Scientists are beginning to understand the extensive biophysiological harms of child abuse and neglect. Abused children are much more likely to  suffer chronic physical and mental diseases, alcoholism, substance abuse and social pathologies such as homelessness, criminality and mass shootings. This is motivating a broad interest in preventing and treating child maltreatment. Few people, even policymakers in health agencies, are aware that each year in the United States as many children die from abuse and neglect as from childhood cancers

To be fair, I know the agencies and many staff members are working hard and doing their best, and that their many successes go unheralded. Wise judgment for assessment, intervention, appropriate care and therapies is difficult, stressful and resource-intensive, whether by official child welfare agencies, courts, community agencies or individual clinicians. 

Still, we must do better, and these four tragedies prove that child safety must come first.

At the state level, a Child Welfare Council task force took on these big questions last year and made numerous recommendations to promote more caring child welfare services, less bias, and family preservation. This was encouraging, but also was misdirected because it did not put child safety first, and in its eagerness to escape bureaucratic child welfare agencies, it also did not recognize or evaluate the shortage, understaffing and waitlist delays of community resources in most California counties. 

We must recognize that innovative official policies like “family preservation,” and increasing dependency on overstretched “community supports,” while well-intentioned, can put children at greater risk. 

Jeoffry B. Gordon. Credit: Jeoffry B. Gordon

In Santa Clara County, the board of supervisors has had two hearings in the past 12 months where supervisors discussed the toddler deaths. No changes have occurred yet, but improvements are underway. At least they are paying attention. 

I wish I could say the same about our county. 

We are fortunate we don’t have a large caseload of children under CPS supervision. But we know far too little about the kids we do have. That is why the board of supervisors needs to step in. It should create a panel of child abuse experts not just to study, but to take action to initiate needed reforms to the system. And it should demand more information from CPS.
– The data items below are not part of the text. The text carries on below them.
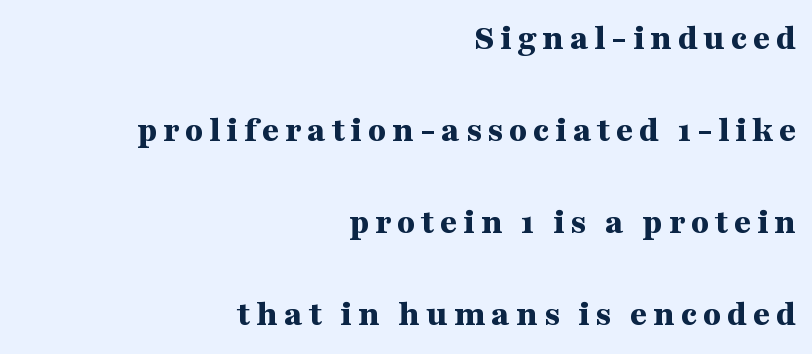
The image shows 37 px bold, wide serif type, upright; set right-aligned, loose line spacing (2.49x), not underlined; medium stroke contrast and a medium x-height.
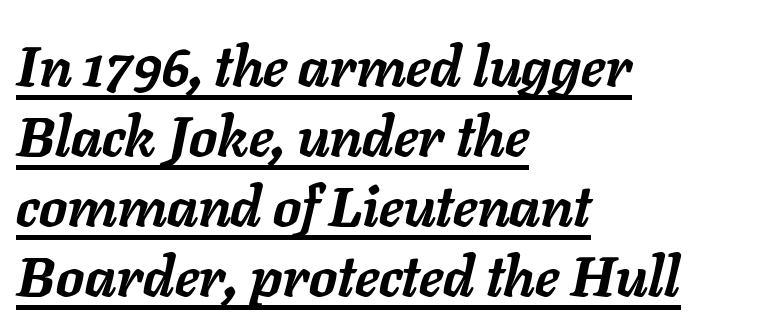
{"italic": "yes", "lean": "right", "slant_degrees": 11, "bold": "yes", "weight": "semibold", "width": "normal", "stroke_contrast": "low", "x_height": "medium", "monospaced": "no", "underline": "yes", "align": "left", "line_spacing": "normal", "line_spacing_ratio": 1.25, "letter_spacing": "normal", "letter_spacing_em": 0.0, "glyph_px": 56}
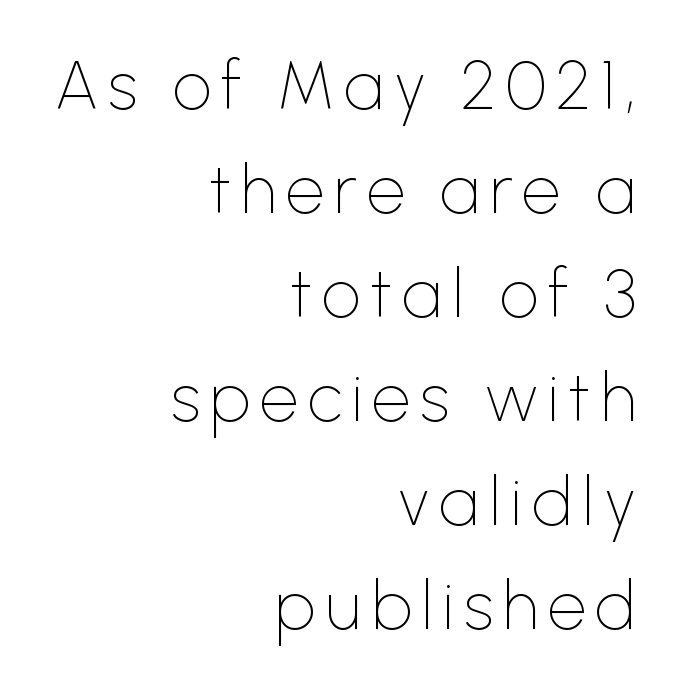
{"serif": "no", "italic": "no", "bold": "no", "weight": "thin", "width": "normal", "stroke_contrast": "low", "x_height": "medium", "monospaced": "no", "underline": "no", "align": "right", "line_spacing": "normal", "line_spacing_ratio": 1.53, "glyph_px": 68}
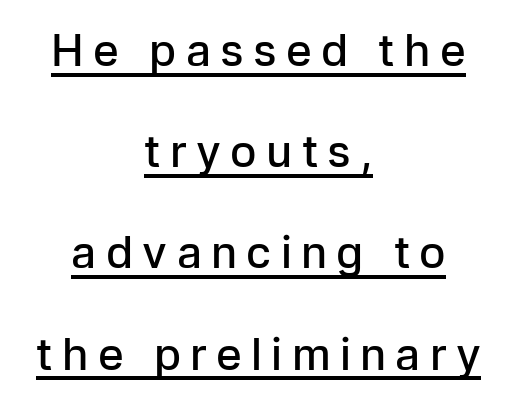
The typesetter has applied underlining to the passage shown. Each word looks stretched out because of the extra space between its letters. I'd call this a sans setting — the letters go barefoot. Notice how the stems are strictly vertical — no italics here. The rendering uses a semibold face; strokes are thickened but not to full bold. Quick note: interline space is abundant.
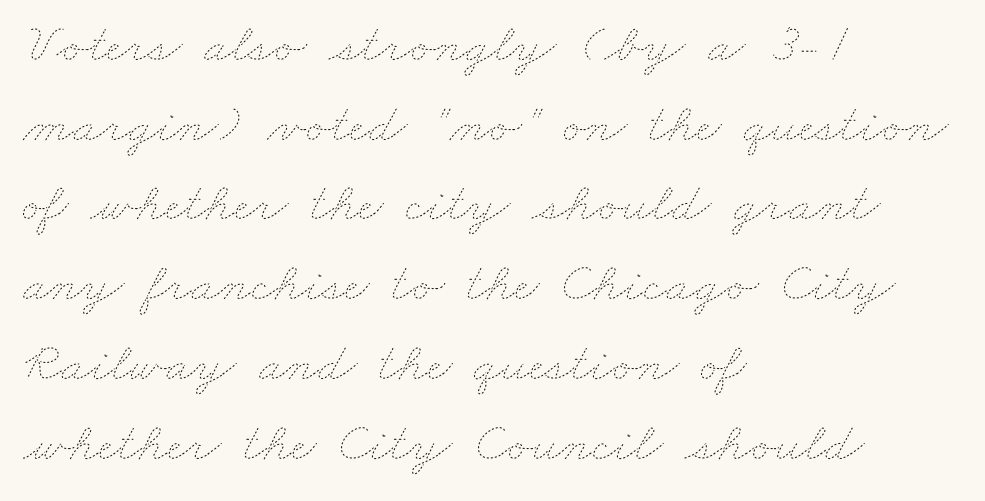
The image shows 55 px thin, wide type; set left-aligned, normal line spacing (1.45x), normal letter spacing, not underlined; low stroke contrast and a small x-height.
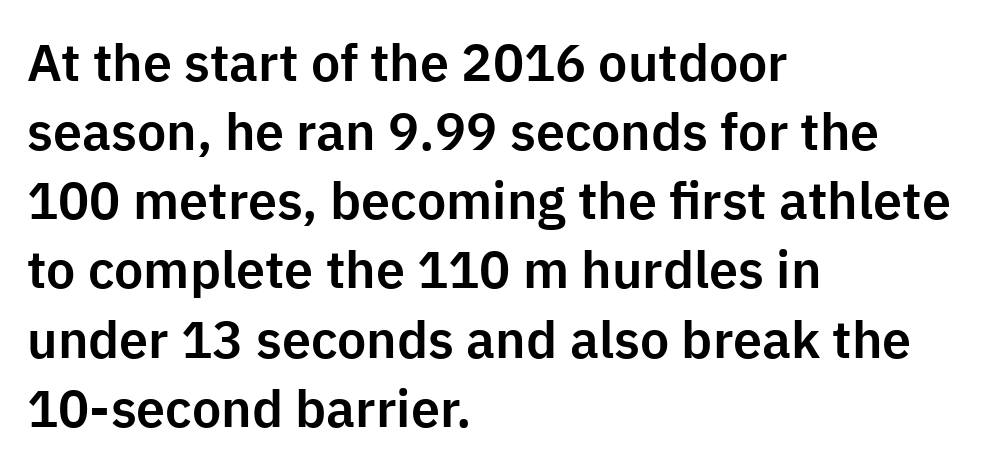
Q: Is the text italic (slanted)? A: No, it is upright.
Q: Is the typeface a serif or a sans-serif typeface? A: Sans-serif.
Q: Is the text underlined? A: No.
Q: How is the paragraph aligned? A: Left-aligned.
Q: Is the spacing between letters normal or unusually wide? A: Normal.
Q: Is the spacing between lines tight, normal or loose? A: Normal.
Q: Width (condensed, normal, or wide)? A: Normal.
Q: Stroke contrast? A: Low.
Q: x-height? A: Medium.
Q: Monospaced? A: No.
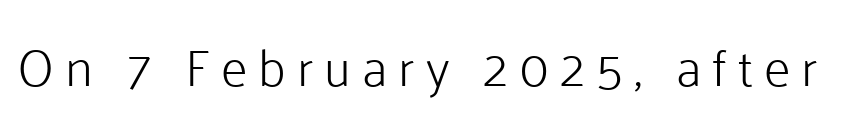
{"serif": "no", "italic": "no", "bold": "no", "weight": "light", "width": "normal", "stroke_contrast": "low", "x_height": "medium", "monospaced": "no", "underline": "no", "letter_spacing": "wide", "letter_spacing_em": 0.21, "glyph_px": 52}
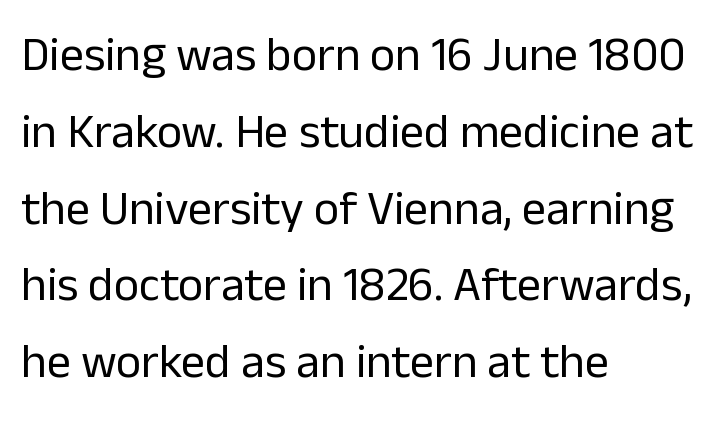
Q: Is the text bold? A: No.
Q: Is the text italic (slanted)? A: No, it is upright.
Q: Is the typeface a serif or a sans-serif typeface? A: Sans-serif.
Q: Is the text underlined? A: No.
Q: How is the paragraph aligned? A: Left-aligned.
Q: Is the spacing between letters normal or unusually wide? A: Normal.
Q: Is the spacing between lines tight, normal or loose? A: Normal.
Q: Width (condensed, normal, or wide)? A: Normal.
Q: Stroke contrast? A: Low.
Q: x-height? A: Medium.
Q: Monospaced? A: No.

Not knowing is not acceptable. 

We can and must do better. We can’t let more kids remain unprotected.

Jeoffry B. Gordon had a family medicine practice in Santa Cruz for 35 years until his retirement 17 years ago. He spent four years in a federally qualified health center treating the unhoused. He is currently a member of the California Citizens Review Panel for Critical Incidents (fatalities due to child abuse). He served as a medical bioethics consultant at Sharp Memorial Hospital in San Diego for 10 years. He spent eight  years on the Medical Board of California, which licenses and disciplines  physicians. Gordon lives in Santa Cruz and is a widower with two daughters and four grandchildren.